"Monsieur le Préfet,
Le gouvernement vous a chargé, comme les autres préfets de France, d’organiser le débat
sur l’identité nationale. Au fil des semaines, celui-ci qui vise à définir «le bon Français» accumule les dérives anti-immigrées, et plus spécifiquement anti-musulmanes, à un point tel qu’il inquiète au sein même de l’U.M.P. Mais pouvait-il en être autrement, son objectif avoué étant de fidéliser un électorat venu de l’extrême droite et rallié à M. SARKOZY pendant la campagne des présidentielles, notamment après l’annonce de la création d’un ministère de l’identité nationale et de l’immigration.
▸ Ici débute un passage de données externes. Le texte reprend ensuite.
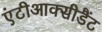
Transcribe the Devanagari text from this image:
एंटीआक्सीडैंट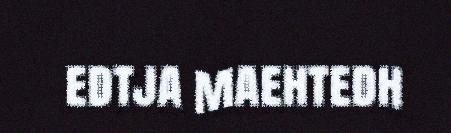
edtja maehtedh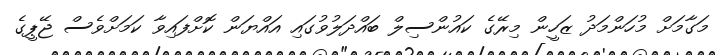
މަގާމަށް މުހަންމަދު ޒަހީން މިރޭގެ ކައުންސިލް ބައްދަލުވުގައި އައްޔަން ކޮށްފައިވާ ކަމަށްވެސް ޖޭޕީގެ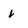
Character: V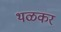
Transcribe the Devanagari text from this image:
थळकर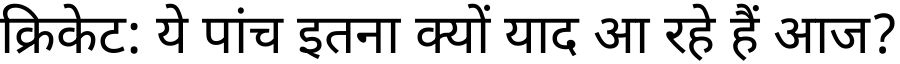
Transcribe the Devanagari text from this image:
क्रिकेट: ये पांच इतना क्यों याद आ रहे हैं आज?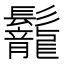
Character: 𩰀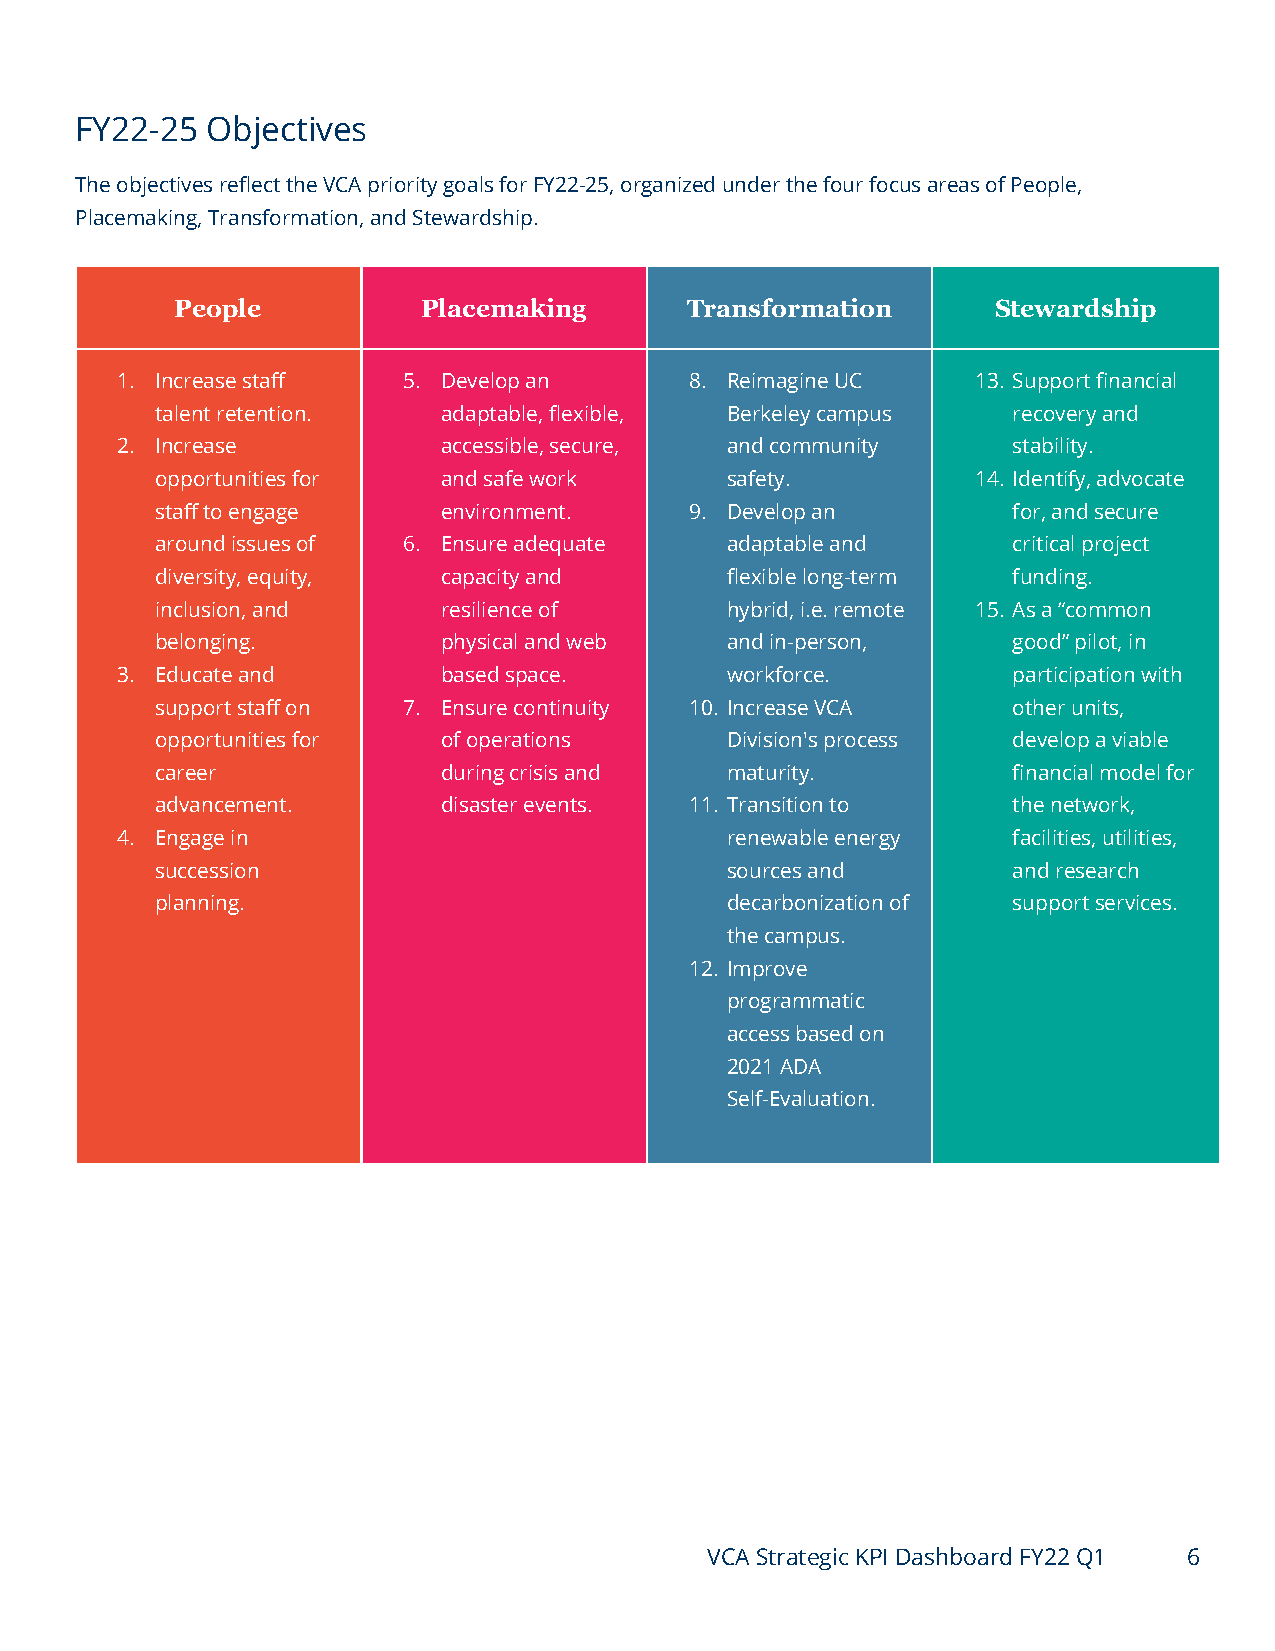
FY22-25  Objectives
 The objectives reflect the VCA priority goals for FY22-25, organized under the four focus areas of People,
 Placemaking, Transformation, and Stewardship.
 People          Placemaking      Transformation       Stewardship
 1. Increase staff  5. Develop an      8. Reimagine UC    13. Support financial
 talent retention.  adaptable, flexible, Berkeley campus  recovery and
 2. Increase          accessible, secure, and community     stability.
 opportunities for  and safe work      safety.          14. Identify, advocate
 staff to engage    environment.     9. Develop an        for, and secure
 around issues of 6. Ensure adequate   adaptable and      critical project
 diversity, equity, capacity and       flexible long-term funding.
 inclusion, and     resilience of      hybrid, i.e. remote 15. As a “common
 belonging.         physical and web   and in-person,     good” pilot, in
 3. Educate and       based space.       workforce.         participation with
 support staff on 7. Ensure continuity 10. Increase VCA   other units,
 opportunities for  of operations      Division's process develop a viable
 career             during crisis and  maturity.          financial model for
 advancement.       disaster events. 11. Transition to    the network,
 4. Engage in                            renewable energy   facilities, utilities,
 succession                            sources and        and research
 planning.                             decarbonization of support services.
 the campus.
 12. Improve
 programmatic
 access based on
 2021 ADA
 Self-Evaluation.
 VCA Strategic KPI Dashboard FY22 Q1 6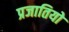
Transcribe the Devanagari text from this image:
प्रजातियो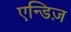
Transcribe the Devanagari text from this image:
एन्डिज़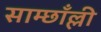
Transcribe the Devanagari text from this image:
साम्छाँल्ली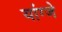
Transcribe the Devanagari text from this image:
यांग्जे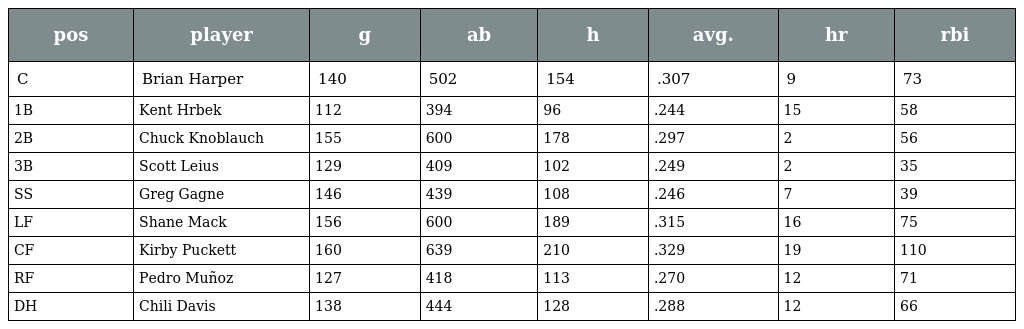
| pos | player | g | ab | h | avg. | hr | rbi |
 | --- | --- | --- | --- | --- | --- | --- | --- |
 | C | Brian Harper | 140 | 502 | 154 | .307 | 9 | 73 |
 | 1B | Kent Hrbek | 112 | 394 | 96 | .244 | 15 | 58 |
 | 2B | Chuck Knoblauch | 155 | 600 | 178 | .297 | 2 | 56 |
 | 3B | Scott Leius | 129 | 409 | 102 | .249 | 2 | 35 |
 | SS | Greg Gagne | 146 | 439 | 108 | .246 | 7 | 39 |
 | LF | Shane Mack | 156 | 600 | 189 | .315 | 16 | 75 |
 | CF | Kirby Puckett | 160 | 639 | 210 | .329 | 19 | 110 |
 | RF | Pedro Muñoz | 127 | 418 | 113 | .270 | 12 | 71 |
 | DH | Chili Davis | 138 | 444 | 128 | .288 | 12 | 66 |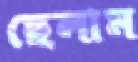
ছেলাম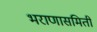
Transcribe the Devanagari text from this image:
भराणासमिती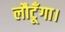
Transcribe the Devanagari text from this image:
लौटूँगा।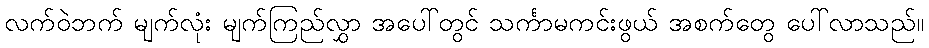
လက်ဝဲဘက် မျက်လုံး မျက်ကြည်လွှာ အပေါ်တွင် သင်္ကာမကင်းဖွယ် အစက်တွေ ပေါ်လာသည်။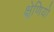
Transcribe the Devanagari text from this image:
क्ष्रेणियों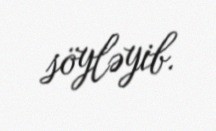
söyləyib.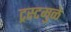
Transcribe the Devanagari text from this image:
ट्रस्टमुळे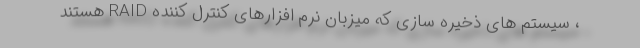
، سیستم های ذخیره سازی که میزبان نرم افزارهای کنترل کننده RAID هستند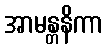
အာမန္တနိကာ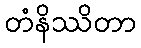
တံနိဿိတာ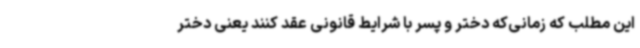
این مطلب که زمانی‌که دختر و پسر با شرایط قانونی عقد کنند یعنی دختر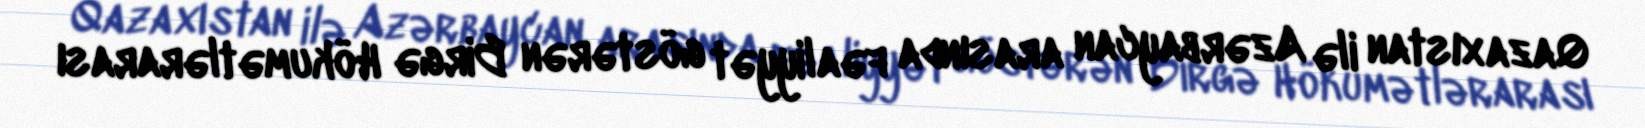
Qazaxıstan ilə Azərbaycan arasında fəaliyyət göstərən Birgə Hökumətlərarası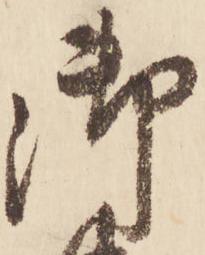
御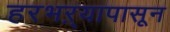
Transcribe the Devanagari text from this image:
हरभऱ्यापासून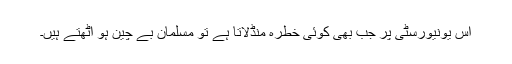
اس یونیورسٹی پر جب بھی کوئی خطرہ منڈلاتا ہے تو مسلمان بے چین ہو اٹھتے ہیں۔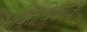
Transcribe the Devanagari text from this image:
भक्तिविषयक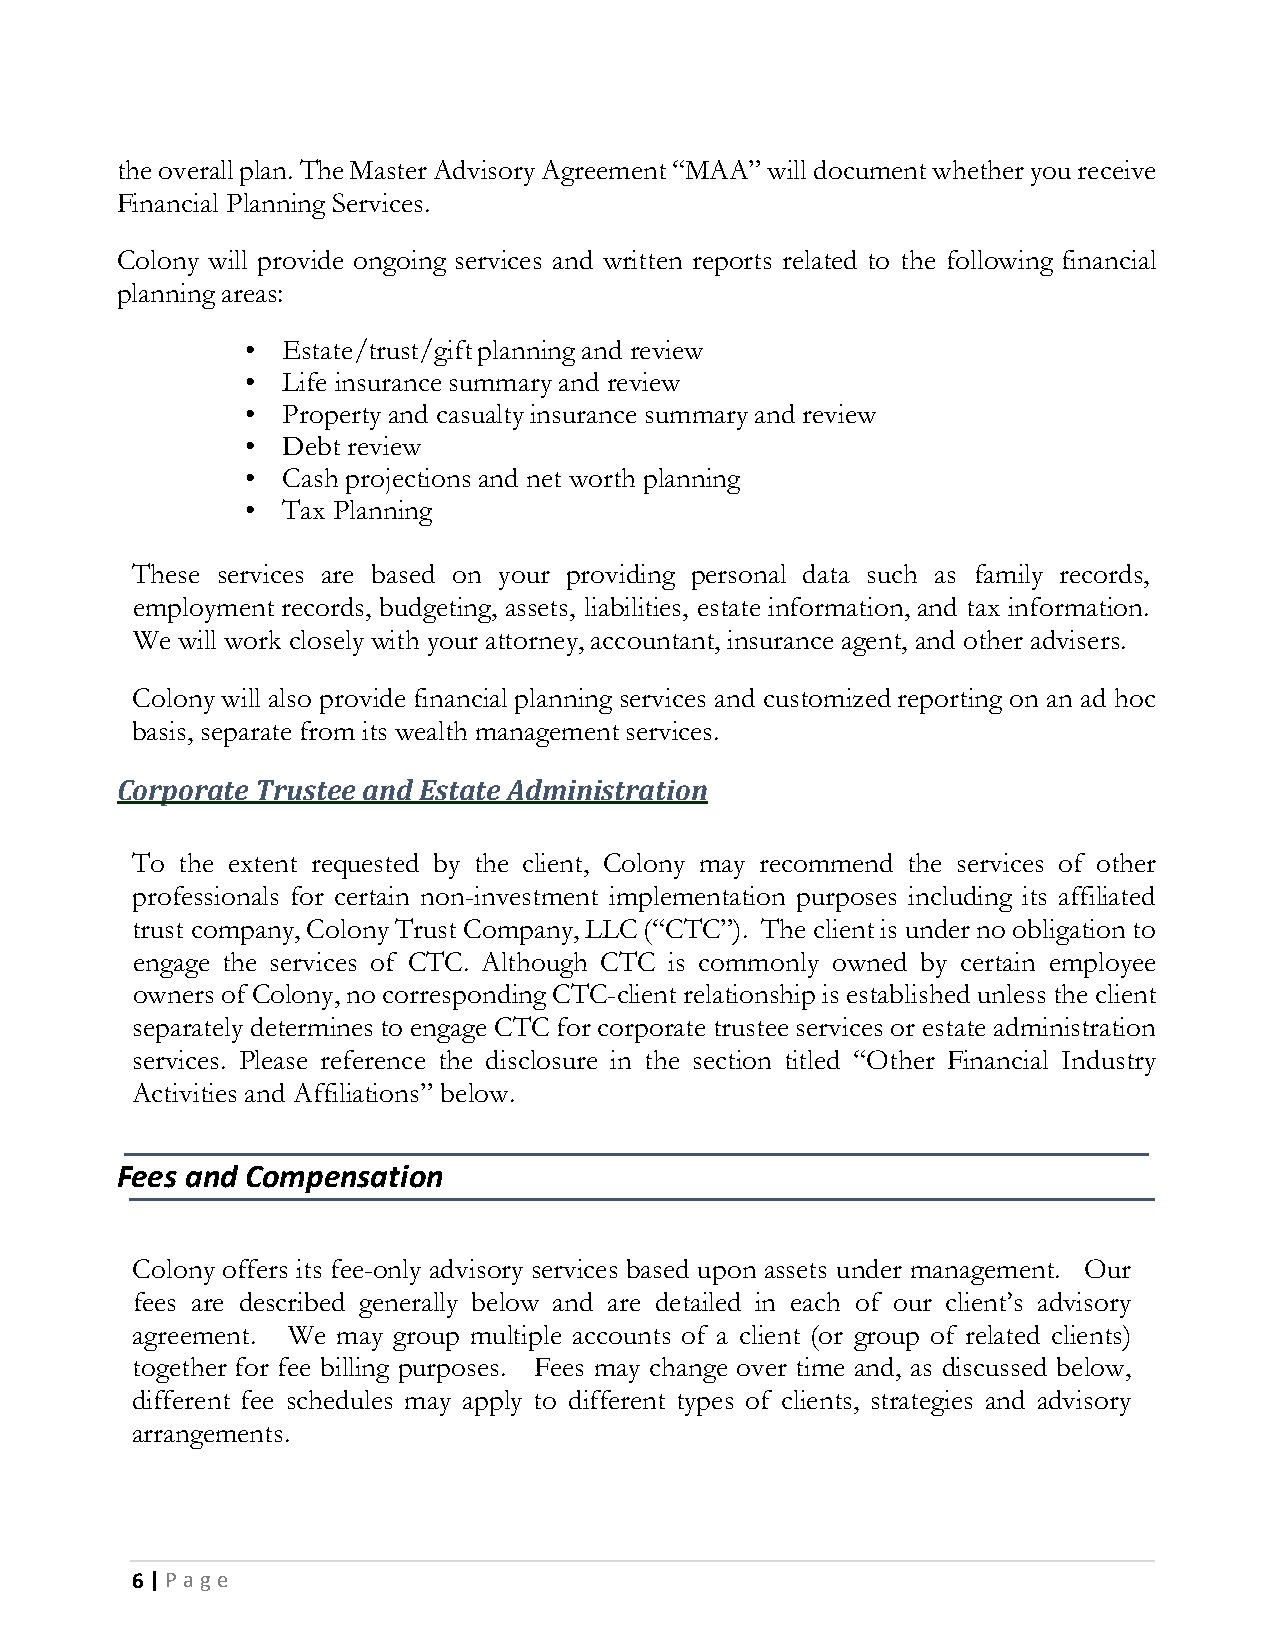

Aujourd’hui, il est proposé à la Corse d’aborder ce même débat en tenant compte «de l’histoire de la Corse, de son identité propre, de sa langue et de sa culture, de sa relation spécifique à la France». Une dérogation en ce sens a donc été accordée par le ministre de l’identité nationale qui demeure, dans cette affaire, le ministre de tutelle. L’appel au respect des opinions et des personnes que vous formulez dans votre invitation à ce débat est estimable, et la proposition dans son ensemble apparaît séduisante. Pourtant elle n’est pas acceptable. D’une part, les propos qui stigmatisent les immigrés ne connaissent pas de frontière naturelle. Ils sont diffusés en Corse aussi bien qu’en Auvergne et dans les autres régions françaises, et blessent les personnes visées, quelque soit l’endroit, avec la même violence.
D’autre part, la singularité corse mérite autre chose que d’être sous-traitée dans ce contexte idéologique inquiétant, sous la houlette d’un ministère dit «de l’identité nationale ». Elle vaut également plus qu’une initiative improvisée. Au regard des passions que cette question a suscitées de toutes parts depuis plusieurs décennies, son traitement, si il se veut responsable, passe par un débat non pas identitaire mais politique. Nous en sommes très éloignés et ce qui nous est proposé aujourd’hui ressemble davantage à une session de rattrapage pour un débat sur l’identité nationale en pleine dérive. En conséquence, la Ligue des droits de l’Homme n’y participera pas".